**Record excerpts:**
====
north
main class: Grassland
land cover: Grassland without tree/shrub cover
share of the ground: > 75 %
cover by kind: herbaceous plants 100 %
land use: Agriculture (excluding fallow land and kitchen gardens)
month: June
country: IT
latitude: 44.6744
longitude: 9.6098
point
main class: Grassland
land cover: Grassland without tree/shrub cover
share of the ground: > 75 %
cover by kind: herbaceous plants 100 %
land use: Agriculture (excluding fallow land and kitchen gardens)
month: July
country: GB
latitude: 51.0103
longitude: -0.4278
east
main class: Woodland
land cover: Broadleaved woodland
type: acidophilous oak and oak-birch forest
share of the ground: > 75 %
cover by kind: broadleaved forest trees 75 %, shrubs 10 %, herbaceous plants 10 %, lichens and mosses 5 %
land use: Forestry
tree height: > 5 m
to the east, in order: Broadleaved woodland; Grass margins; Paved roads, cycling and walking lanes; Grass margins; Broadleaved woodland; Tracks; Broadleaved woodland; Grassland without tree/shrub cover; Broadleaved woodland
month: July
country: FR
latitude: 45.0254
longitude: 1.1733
====
**How to complete this task:** Using only the entries above, output the line with "latitude: 51.0103", the line with "land use: Forestry", and all lines between them, exactly as they stand.

**Exercise solution:**
latitude: 51.0103
longitude: -0.4278
east
main class: Woodland
land cover: Broadleaved woodland
type: acidophilous oak and oak-birch forest
share of the ground: > 75 %
cover by kind: broadleaved forest trees 75 %, shrubs 10 %, herbaceous plants 10 %, lichens and mosses 5 %
land use: Forestry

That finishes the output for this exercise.